American screenwriter and film producer

John J. Strauss is an American producer and writer of film and television. He has written a variety of films across numerous genres - animation, drama, comedy, and more. He is best known for writing There's Something About Mary (1998), The Lizzie McGuire Movie (2003), and The Santa Clause 2 (2002).

Strauss has written and produced for the television series Boy Meets World, is known as the writer who came up with the character name for Topanga Lawrence (naming her after Topanga Canyon). Strauss is also known for his appearances on The Howard Stern Show, where he cast Eric the Actor on an episode of In Plain Sight (2011).

He has been the showrunner on over ten different television series including Mozart in the Jungle (2014), which received a Golden Globe Award nomination for "Best TV Series Comedy" in 2015, and the Peabody Award-Winning series David Makes Man (2019).

==Early life and education==
Strauss was born in Los Angeles California to Renee and John Strauss. His father, John Strauss, was a veteran publicist who worked for Warner Bros. and Columbia Pictures before establishing his own public relations agency. His father represented some of the largest names in the entertainment industry including Jimmy Stewart, Andy Williams, Carol Burnett, and Lucille Ball. Strauss was raised in Sherman Oaks, California.

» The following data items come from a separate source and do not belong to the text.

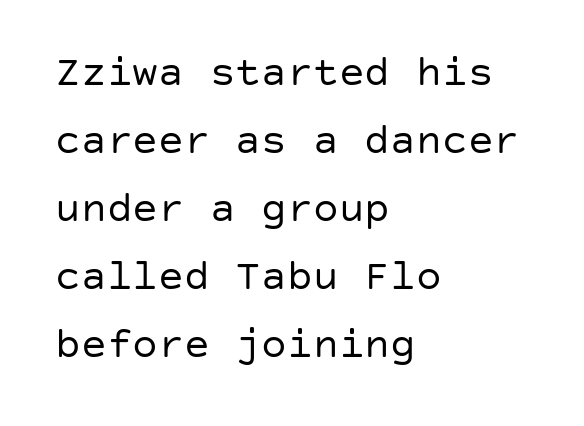
Weight: regular or lighter. The passage shown stacks its lines at a standard gap. Ascenders rise straight up at ninety degrees. Is the letter spacing exaggerated? No — it looks like the ordinary default. The letters carry no serifs — their stems end cleanly without finishing strokes. The lines in this sample share a left origin and differ only in where they stop.
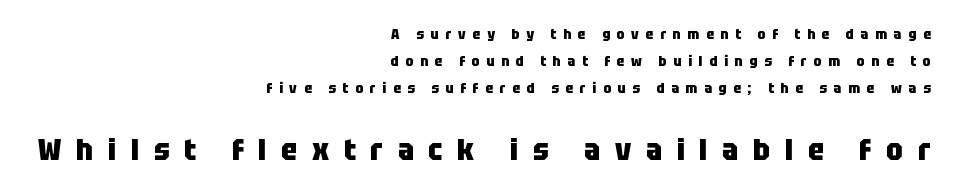
Words float on clear page, feet unadorned. Between one letter and the next there's a generous, obvious gap. This rendering uses right alignment, leaving the left contour irregular. Nope, no serifs anywhere on these letters. Style check: upright.
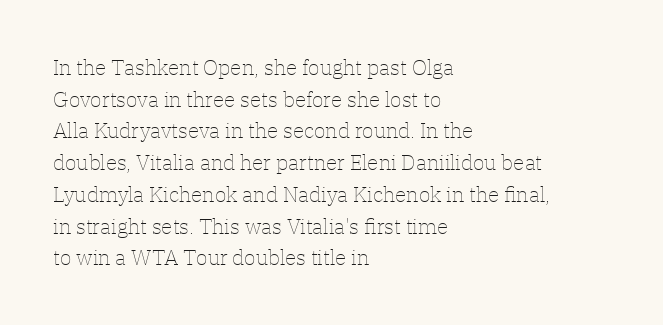
{"italic": "no", "bold": "no", "underline": "no", "align": "left", "line_spacing": "normal", "line_spacing_ratio": 1.51, "letter_spacing": "normal", "letter_spacing_em": 0.0, "glyph_px": 21}
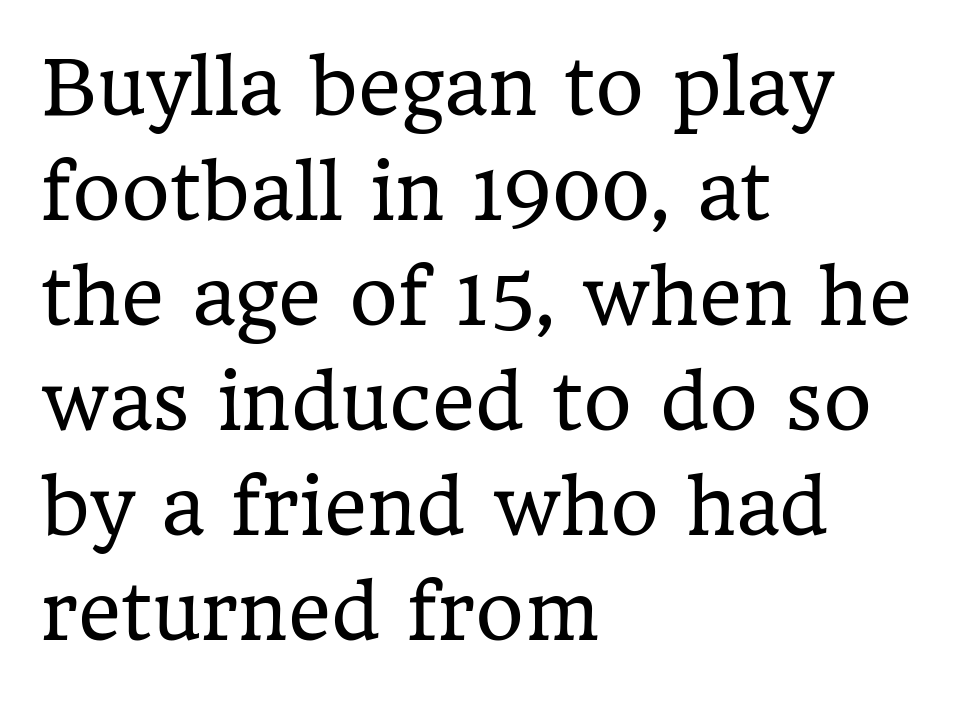
The image shows 74 px regular-weight serif type, upright; set left-aligned, normal line spacing (1.42x), normal letter spacing, not underlined; low stroke contrast and a medium x-height.

Strauss graduated from the University of California, Los Angeles, where he received a B.F.A. degree in Motion Picture (Film) and TV. He later received an M.F.A. in Film, Television, and Media Studies from The University of Georgia.

==Career==
Since 1998, Strauss has mainly focused on films, co-writing the screenplays for There's Something About Mary (1998), Head Over Heels (2001), The Santa Clause 2 (2002), The Lizzie McGuire Movie (2003), Rebound (2005), The Wild (2006), The Santa Clause 3: The Escape Clause (2006), You Again (2010). and Free Birds (2013).

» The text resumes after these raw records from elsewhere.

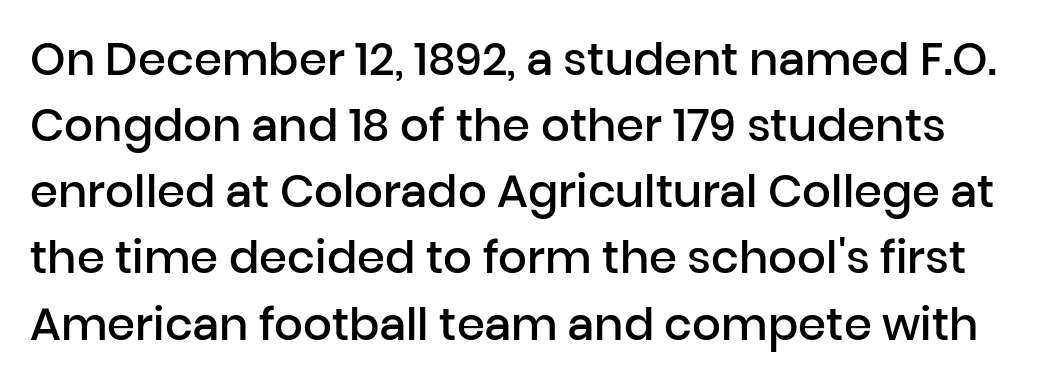
The rendering uses natural spacing where letterforms have individual widths. The rendering uses a moderate line-height, typical for paragraphs. The font family rendered here belongs to the sans-serif group. Characters remain perfectly vertical along every line. Letter spacing: default. Weight: semibold (demi).
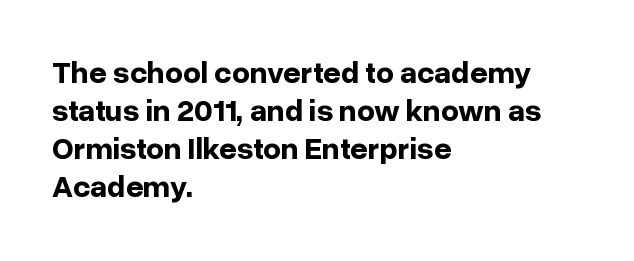
The image shows 31 px bold sans-serif type, upright; set left-aligned, line spacing 1.23x, normal letter spacing, not underlined; low stroke contrast and a medium x-height.
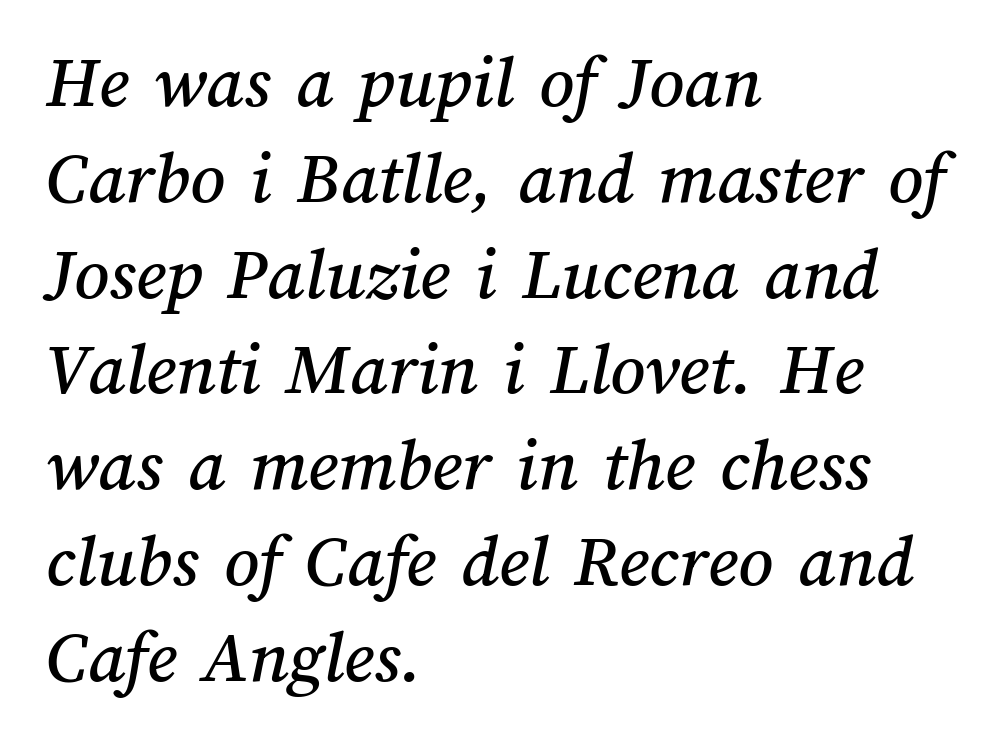
Q: Is the text underlined? A: No.
Q: How is the paragraph aligned? A: Left-aligned.
Q: Is the spacing between letters normal or unusually wide? A: Normal.
Q: Is the spacing between lines tight, normal or loose? A: Normal.
Q: Width (condensed, normal, or wide)? A: Normal.
Q: Stroke contrast? A: Medium.
Q: x-height? A: Medium.
Q: Monospaced? A: No.
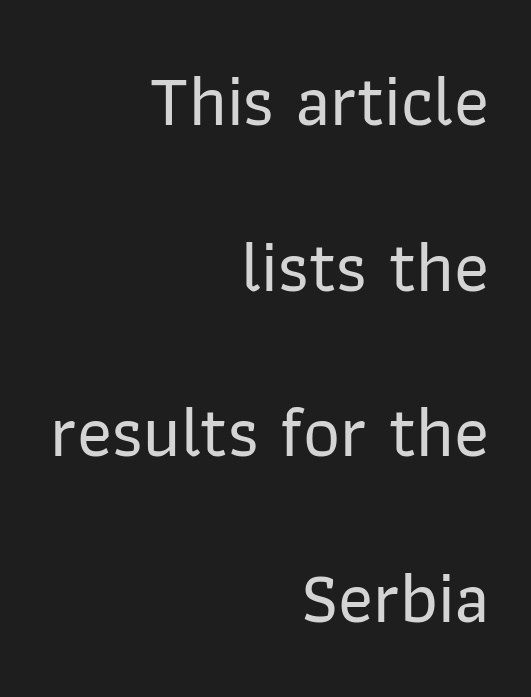
The image shows 72 px sans-serif type, upright; set right-aligned, loose line spacing (2.3x), normal letter spacing, not underlined; low stroke contrast and a medium x-height.
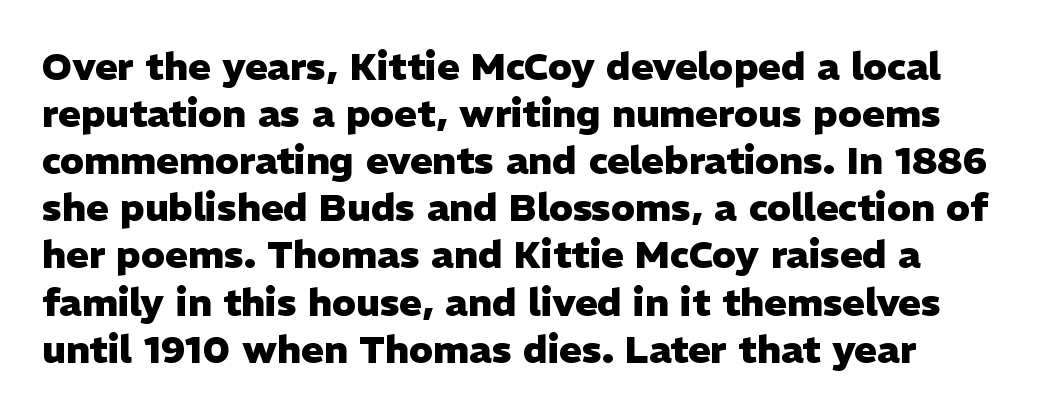
Q: Is the text bold? A: Yes.
Q: Is the text italic (slanted)? A: No, it is upright.
Q: Is the typeface a serif or a sans-serif typeface? A: Sans-serif.
Q: Is the text underlined? A: No.
Q: Is the spacing between letters normal or unusually wide? A: Normal.
Q: Width (condensed, normal, or wide)? A: Normal.
Q: Stroke contrast? A: Low.
Q: x-height? A: Medium.
Q: Monospaced? A: No.
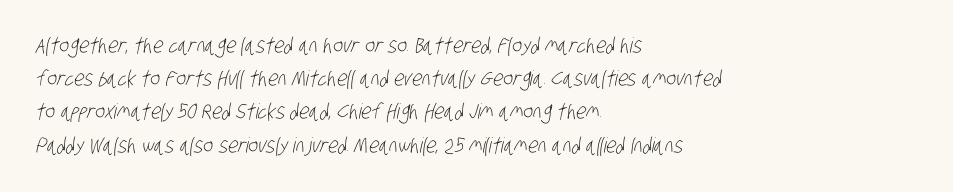
{"bold": "no", "underline": "no", "align": "left", "line_spacing": "normal", "line_spacing_ratio": 1.58, "letter_spacing": "normal", "letter_spacing_em": 0.0, "glyph_px": 21}

He is also credited on Me and the Boys and Odd Man Out.

He frequently collaborates with fellow producer and writer Ed Decter. He, along with Decter replaced Barry Kemp as showrunner of the CBS Tom Selleck comedy The Closer, which eventually came out in 1998.

In 2011, while serving as the executive producer for In Plain Sight, Strauss made multiple appearances on The Howard Stern Show, where he negotiated on-the-air with Eric the Actor to cast Eric in an episode of the series. Eric played a disgruntled landlord during a story involving the FBI investigating a hoarder. Eric ad-libbed the line "Keys, woman" when the script called for him to hold the keys himself—something his disability made difficult due to his deformed hands.

His most recent credits include serving as the executive producer for VH1's The Breaks (2017), the Golden Globe-winning series Mozart in the Jungle (2014), and for Peabody Award-Winning best drama series David Makes Man (2019-2021), with Academy Award winner Tarell McCraney (Moonlight), for Warner Brothers Television and the OWN Network.